Si vis pacem, para bellum
The only thing more annoying than a Libertarian is an (un|mis)informed Libertarian
For one thing, most of these attacks rely on sophisticated equipment that isn't readily available for people to use. And as the authors point out, the simple fix is to use end-to-end encryption (e.g., SSH) instead of expecting the WEP do it for you -- just as you would if you were on a broadcast network through your ISP (e.g., Roadrunner).
There is a threat of abuse from people with serious resources (e.g., the governments of developed nations), but even that threat is small. For now.
While I am occasionally one to lambast the hypocracy of slashdot (promoting products of the MPAA despite the MPAA's thus-far-successful attack on Free Software through movie and DVD reviews ... though the latter seem to have thankfully been discontinued), and while I concurr with your criticism (the link should not be to a format promoted by a company all those with conscience should be boycotting), this is, I think, reflective of lax editorial work rather than outright hypocracy. The link was submitted by a reader, not a slashdot editor.
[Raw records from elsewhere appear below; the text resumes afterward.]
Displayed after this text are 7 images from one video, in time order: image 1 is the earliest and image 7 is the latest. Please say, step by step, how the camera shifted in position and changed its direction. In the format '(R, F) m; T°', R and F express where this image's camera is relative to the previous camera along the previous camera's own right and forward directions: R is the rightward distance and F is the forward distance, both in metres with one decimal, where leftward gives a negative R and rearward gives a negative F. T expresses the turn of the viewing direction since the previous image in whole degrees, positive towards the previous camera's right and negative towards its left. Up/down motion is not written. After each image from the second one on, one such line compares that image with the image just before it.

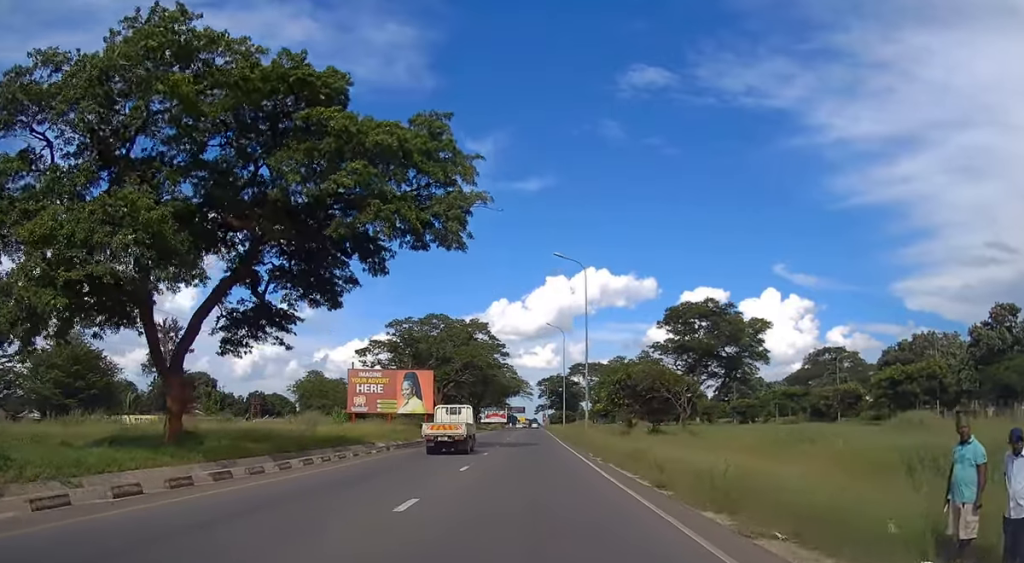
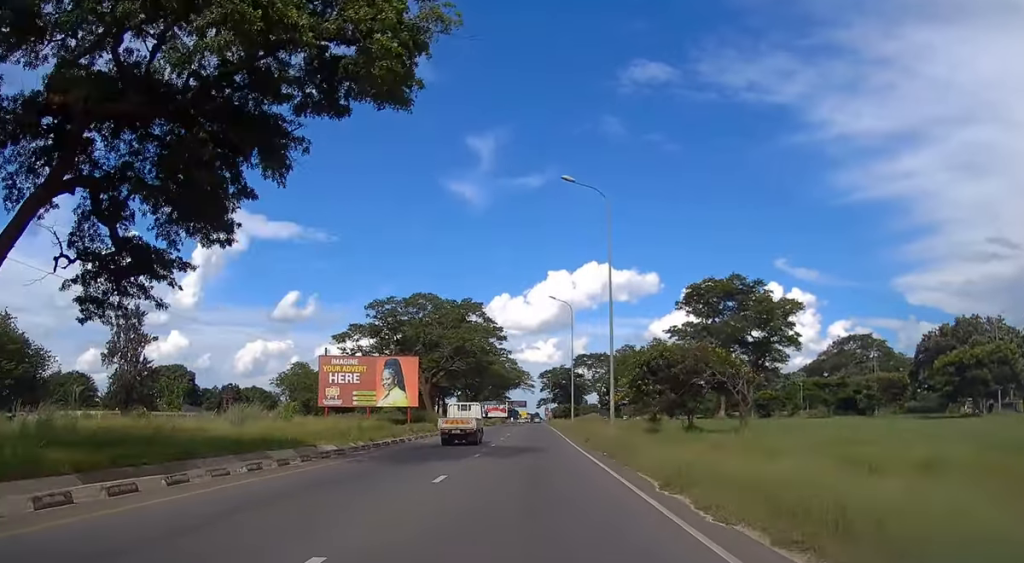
(0.0, +14.2) m; +1°
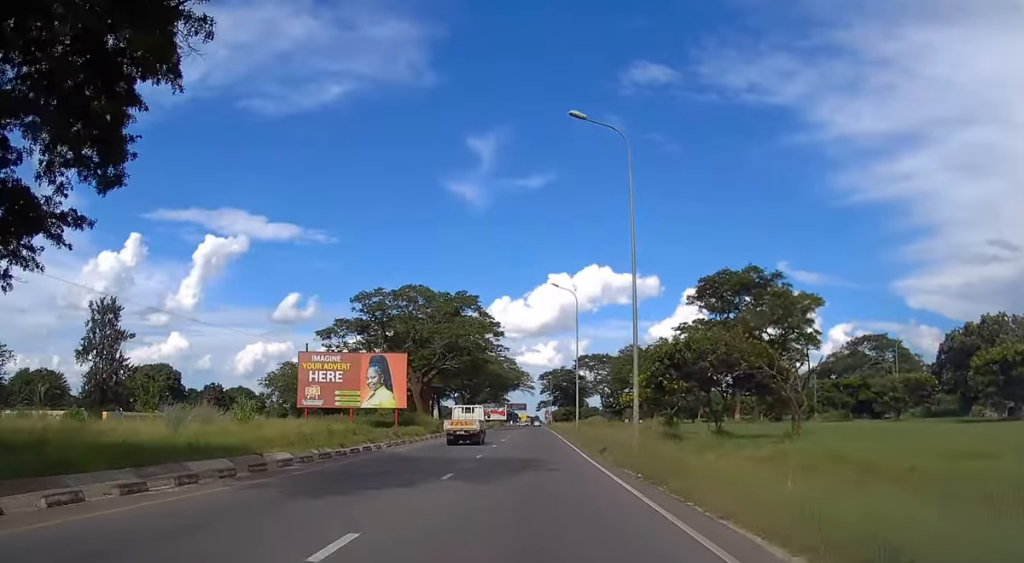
(+0.1, +7.6) m; 0°
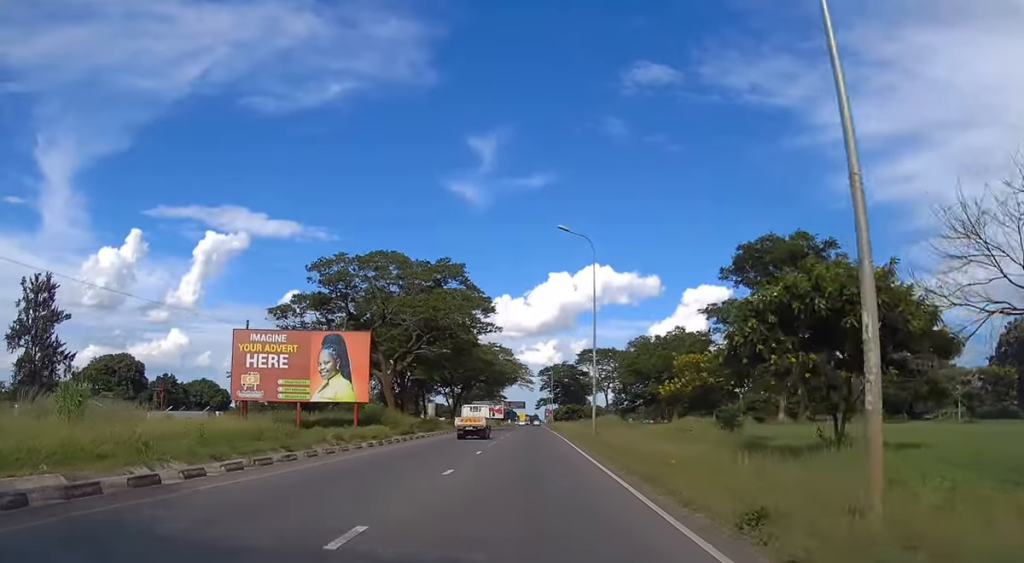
(+0.1, +17.4) m; 0°
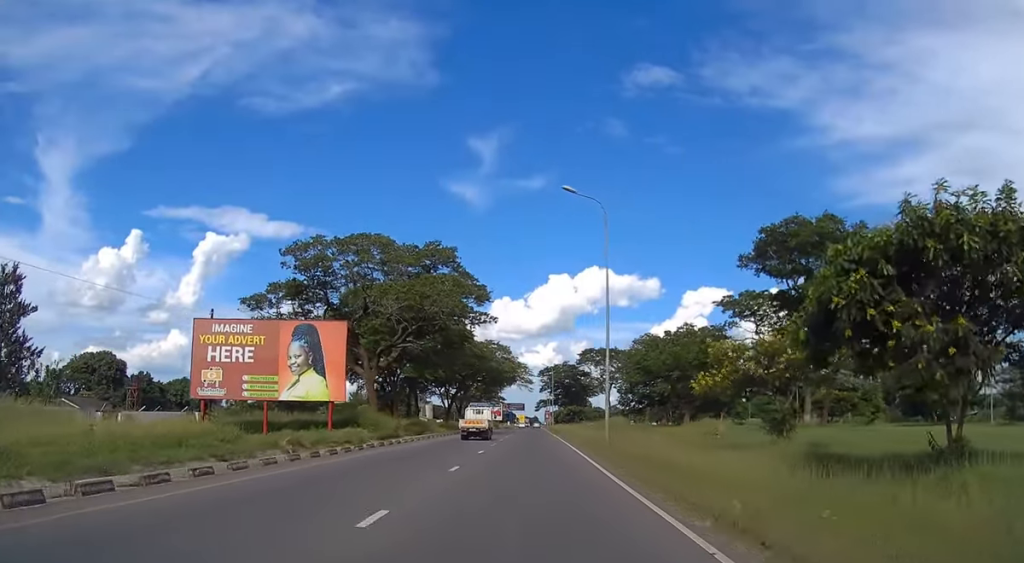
(-0.1, +7.6) m; 0°
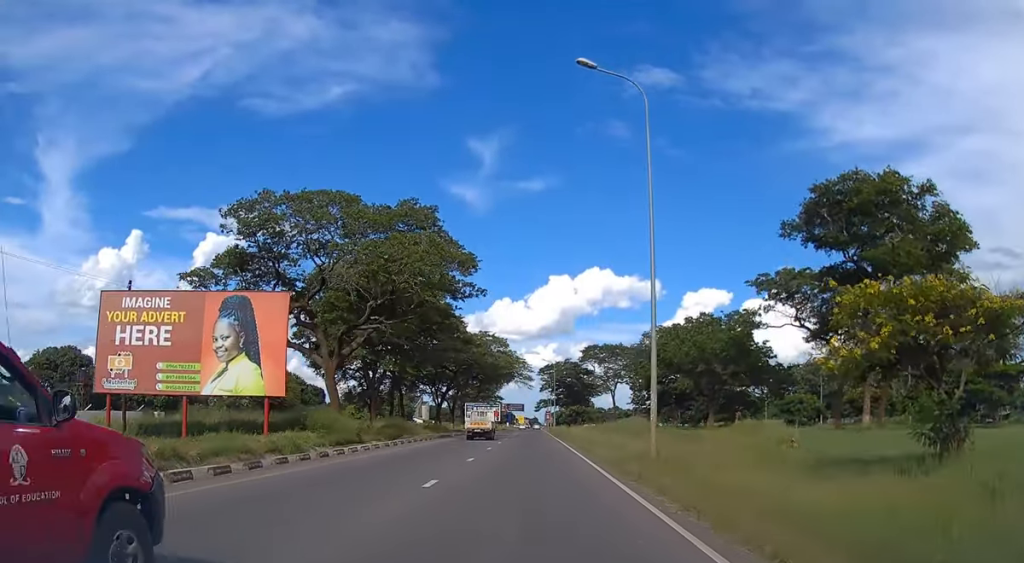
(+0.1, +13.0) m; 0°
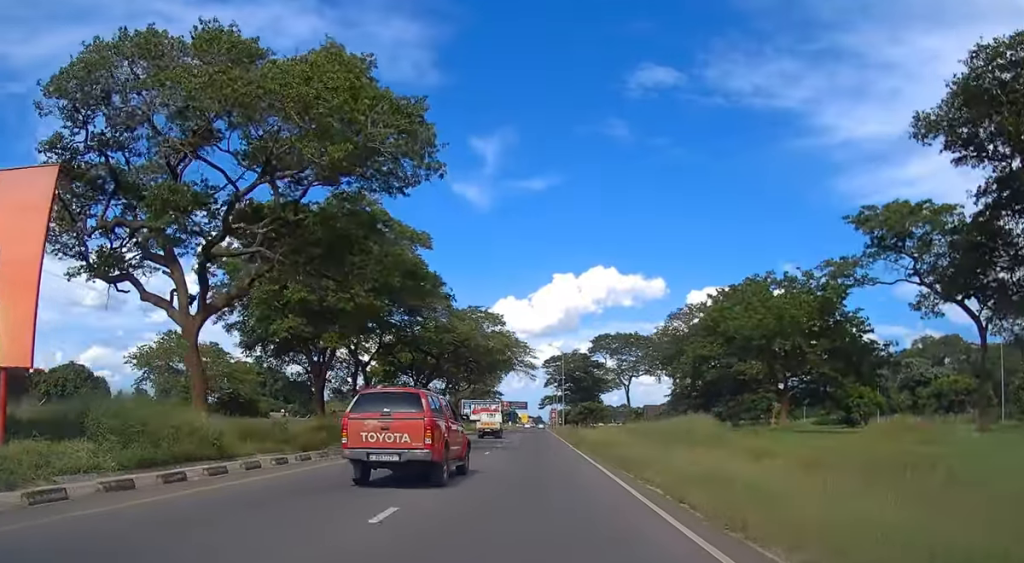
(+0.1, +22.2) m; 0°

... anyone analyzing the statistics of the logs will gain a false impression of people's preferences WRT the document's format, thus promoting PDF at a time we really don't want to be doing so.
That having been said, would the slashdot editors please change the link to point to the HTML version of the document? Boosting the clickthroughs to a proprietary format from an offensive company at the expense of clickthroughs to an open format (HTML) isn't helpful regardless
Just my 2 cents, of course.
The Future of Human Evolution: Autonomy
Agreed, but what needs to be done to make an 802.11b connection secure is combining a base station with a proxy server running SSH, tunneling the most common protocols (HTTP, SSL, FTP, NNTP, NTP, Telnet for the masochists). If there's no proxy tunneling my SSL connection to www.buystuff.com, then my credit card number will go through the air, completely insecure.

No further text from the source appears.